Try it:
What are the lines from the one containing "Q: How is the" through the last line of the records below? Return them exactly, leaving out pictures.

START Material for the task

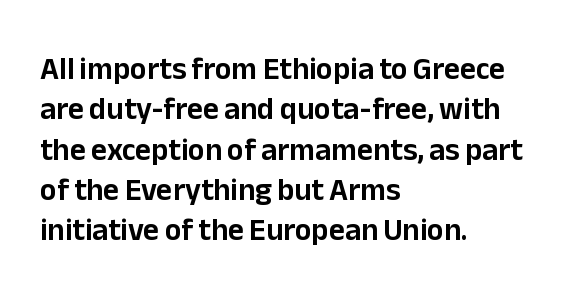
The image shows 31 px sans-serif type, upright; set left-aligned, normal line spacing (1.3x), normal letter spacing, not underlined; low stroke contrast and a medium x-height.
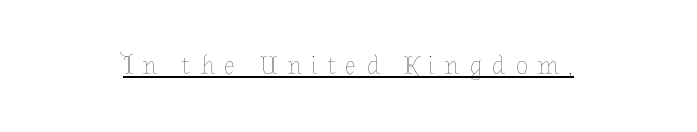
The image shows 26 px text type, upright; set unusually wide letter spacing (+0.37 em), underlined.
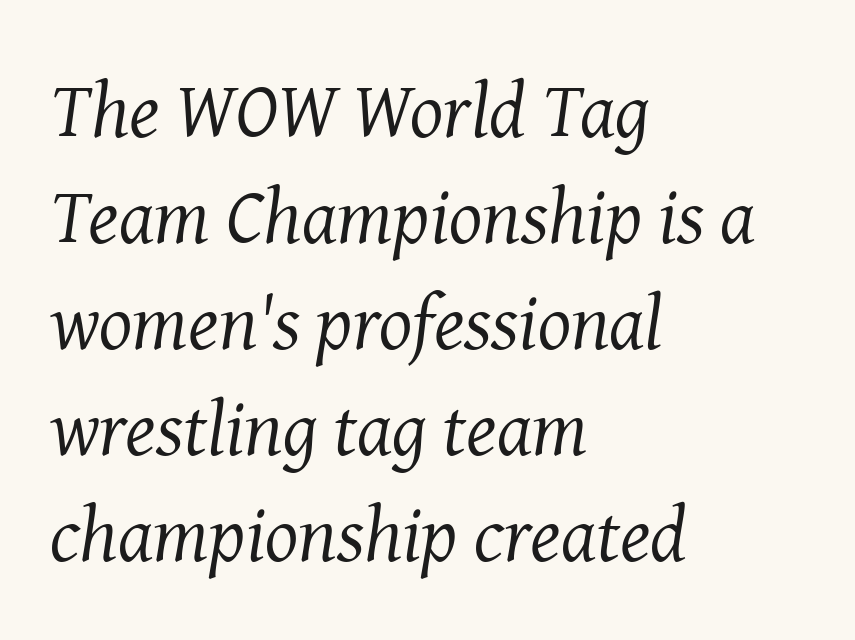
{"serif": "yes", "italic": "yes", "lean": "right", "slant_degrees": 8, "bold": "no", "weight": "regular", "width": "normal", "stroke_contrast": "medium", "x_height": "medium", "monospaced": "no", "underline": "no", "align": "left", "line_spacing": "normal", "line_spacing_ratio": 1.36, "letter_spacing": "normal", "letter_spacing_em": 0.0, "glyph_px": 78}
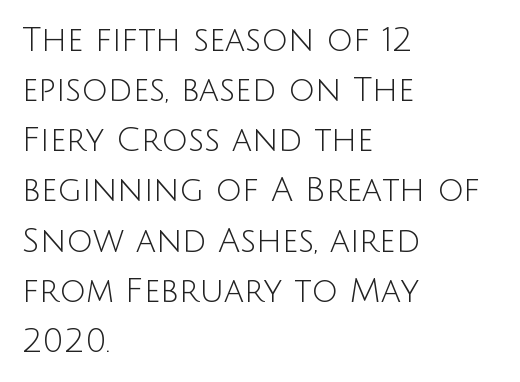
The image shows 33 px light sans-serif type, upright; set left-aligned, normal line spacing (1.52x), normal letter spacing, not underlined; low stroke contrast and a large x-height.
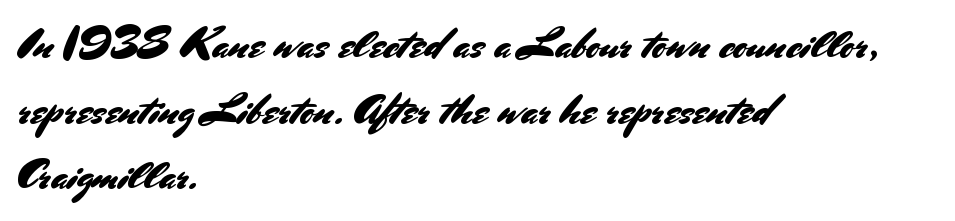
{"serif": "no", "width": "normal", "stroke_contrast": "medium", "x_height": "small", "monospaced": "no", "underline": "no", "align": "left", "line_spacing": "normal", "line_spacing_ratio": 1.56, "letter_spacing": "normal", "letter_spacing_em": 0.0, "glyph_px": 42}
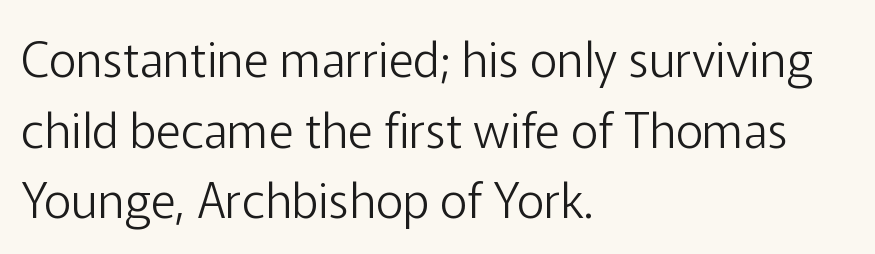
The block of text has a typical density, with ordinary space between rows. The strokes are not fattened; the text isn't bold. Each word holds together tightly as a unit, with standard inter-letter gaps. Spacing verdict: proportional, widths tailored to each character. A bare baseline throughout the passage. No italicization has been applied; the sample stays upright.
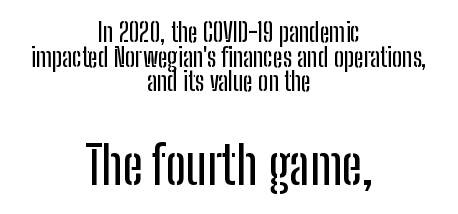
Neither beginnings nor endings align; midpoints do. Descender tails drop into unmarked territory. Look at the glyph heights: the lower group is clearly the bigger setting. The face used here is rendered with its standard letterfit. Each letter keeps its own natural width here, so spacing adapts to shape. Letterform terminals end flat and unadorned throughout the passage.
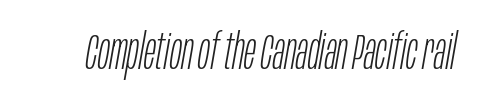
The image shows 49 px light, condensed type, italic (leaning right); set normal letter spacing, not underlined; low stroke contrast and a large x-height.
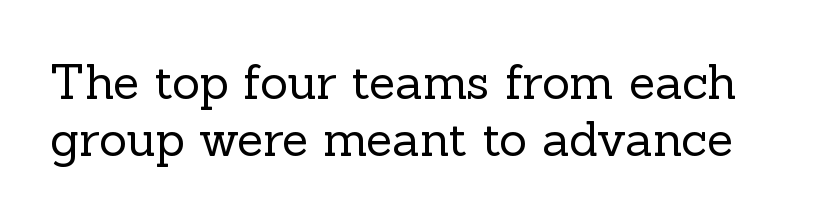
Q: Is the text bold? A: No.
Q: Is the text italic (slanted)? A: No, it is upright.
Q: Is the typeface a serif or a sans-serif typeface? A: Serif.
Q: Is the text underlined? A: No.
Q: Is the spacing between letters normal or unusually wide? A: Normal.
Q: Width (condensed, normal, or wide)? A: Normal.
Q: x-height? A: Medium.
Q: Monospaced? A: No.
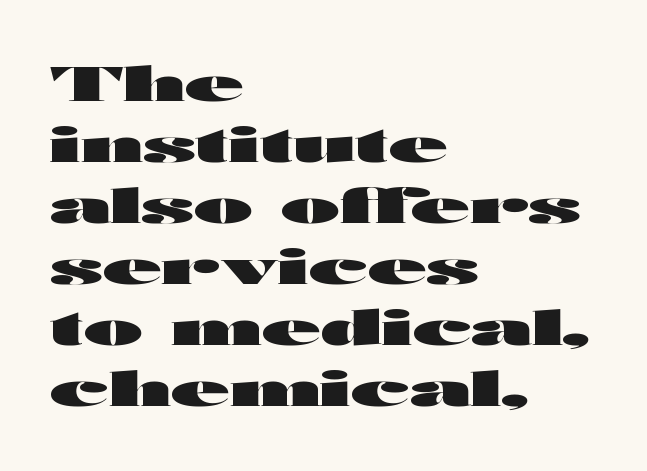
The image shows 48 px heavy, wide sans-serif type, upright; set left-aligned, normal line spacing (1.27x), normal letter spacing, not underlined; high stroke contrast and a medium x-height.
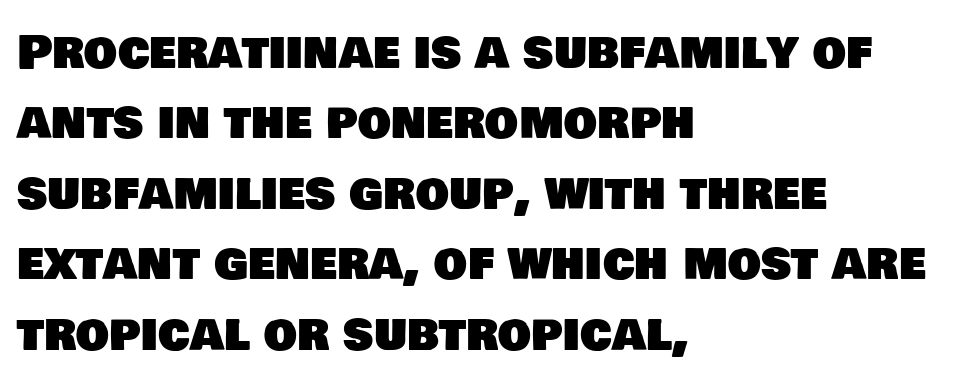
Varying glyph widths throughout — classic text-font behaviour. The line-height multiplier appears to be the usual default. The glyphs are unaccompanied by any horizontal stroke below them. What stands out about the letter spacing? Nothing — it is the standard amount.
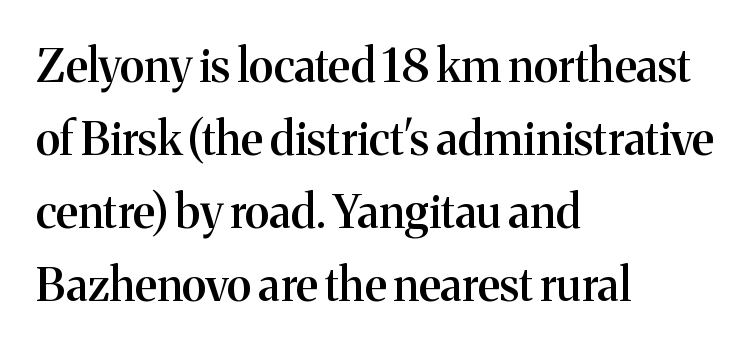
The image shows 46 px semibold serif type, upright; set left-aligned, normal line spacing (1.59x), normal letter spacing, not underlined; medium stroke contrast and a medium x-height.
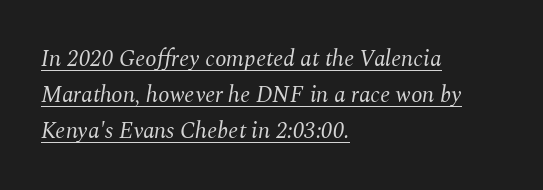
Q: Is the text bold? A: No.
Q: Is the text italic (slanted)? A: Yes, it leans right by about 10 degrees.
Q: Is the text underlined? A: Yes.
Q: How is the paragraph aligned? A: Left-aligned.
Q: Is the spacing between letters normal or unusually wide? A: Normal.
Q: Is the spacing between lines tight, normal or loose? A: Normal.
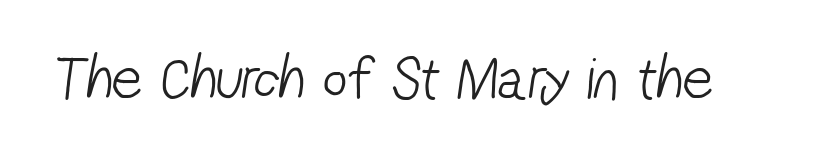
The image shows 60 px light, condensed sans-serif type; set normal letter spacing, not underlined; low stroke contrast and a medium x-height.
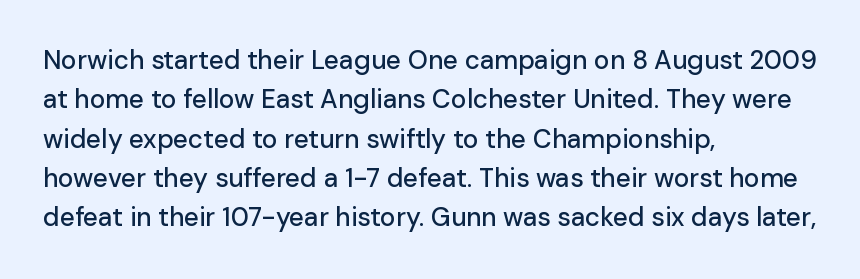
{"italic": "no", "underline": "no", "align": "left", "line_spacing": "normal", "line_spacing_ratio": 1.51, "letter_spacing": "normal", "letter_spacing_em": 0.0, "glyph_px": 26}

END Material for the task

Exercise output:
Q: How is the paragraph aligned? A: Left-aligned.
Q: Is the spacing between letters normal or unusually wide? A: Normal.
Q: Is the spacing between lines tight, normal or loose? A: Normal.
The image shows 60 px light, condensed sans-serif type; set normal letter spacing, not underlined; low stroke contrast and a medium x-height.
{"italic": "no", "underline": "no", "align": "left", "line_spacing": "normal", "line_spacing_ratio": 1.51, "letter_spacing": "normal", "letter_spacing_em": 0.0, "glyph_px": 26}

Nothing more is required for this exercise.